Shannen Doherty o chorobie nowotworowej dowiedziała się w marcu 2015 roku. Wtedy lekarze stwierdzili, że konieczna jest operacja usunięcia obu piersi. Aktorka dzielnie zniosła tę wiadomość i poddała się leczeniu. Była pełna nadziei, że zabieg mastektomii przedłuży jej życie o kilka lat. Niestety w kilka miesięcy od operacji gwiazda serialu "Beverly Hills 90210" dowiedziała się, że choroba nowotworowa rozprzestrzenia się w jej ciele. Komórki rakowe zaatakowały węzły chłonne. Przygotowując się do chemioterapii Shannen mogła liczyć na wsparcie matki i przyjaciółki. To one pomogły jej ogolić włosy na głowie. Fotorelację z tego ważnego dla niej momentu aktorka umieściła na Instagramie. Teraz zdecydowała się na kolejny krok. Shannen Doherty w wywiadzie dla Entertainment Tonight opowiedziała o swoich doświadczeniach. Czego w tym momencie boi się najbardziej?

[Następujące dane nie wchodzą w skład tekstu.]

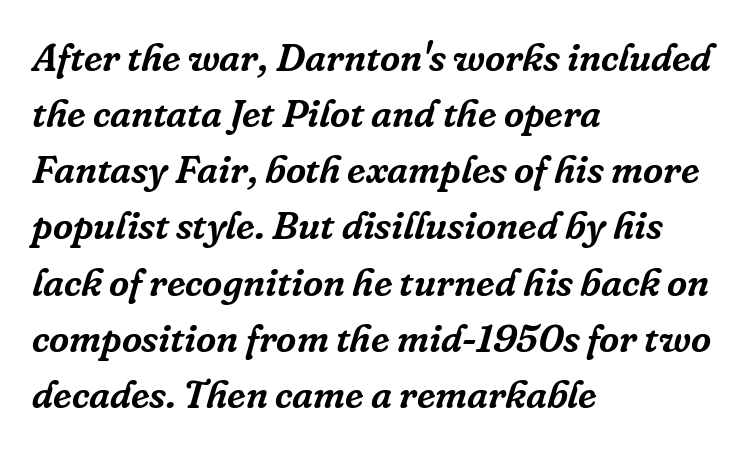
{"serif": "yes", "italic": "yes", "lean": "right", "slant_degrees": 16, "width": "normal", "stroke_contrast": "low", "x_height": "medium", "monospaced": "no", "underline": "no", "align": "left", "line_spacing": "normal", "line_spacing_ratio": 1.44, "letter_spacing": "normal", "letter_spacing_em": 0.0, "glyph_px": 39}

- To, czego nie wiemy, jest zawsze najstraszniejsze. Czy chemia zadziała? Czy promieniowanie zadziała? Wszystko inne można opanować. Ból jest do opanowania, wiesz, życie bez piersi też jest do zniesienia. Zmartwieniem jest przyszłość i to, jak twoja przyszłość wpłynie na ludzi, których kochasz - dzieli się przemyśleniami aktorka.
Shannen Doherty zyskała sławę dzięki roli Brendy Walsh w serialu "Beverly Hills 90210". W czasie choroby może liczyć na pomoc nie tylko bliskich osób, ale również obsady serialu, za co podziękowała w rozmowie z Entertainment Tonight.
ZOBACZ: Choroba zniszczyła gwiazdę "Beverly Hills 90210"! Zobacz, jak się zmieniła!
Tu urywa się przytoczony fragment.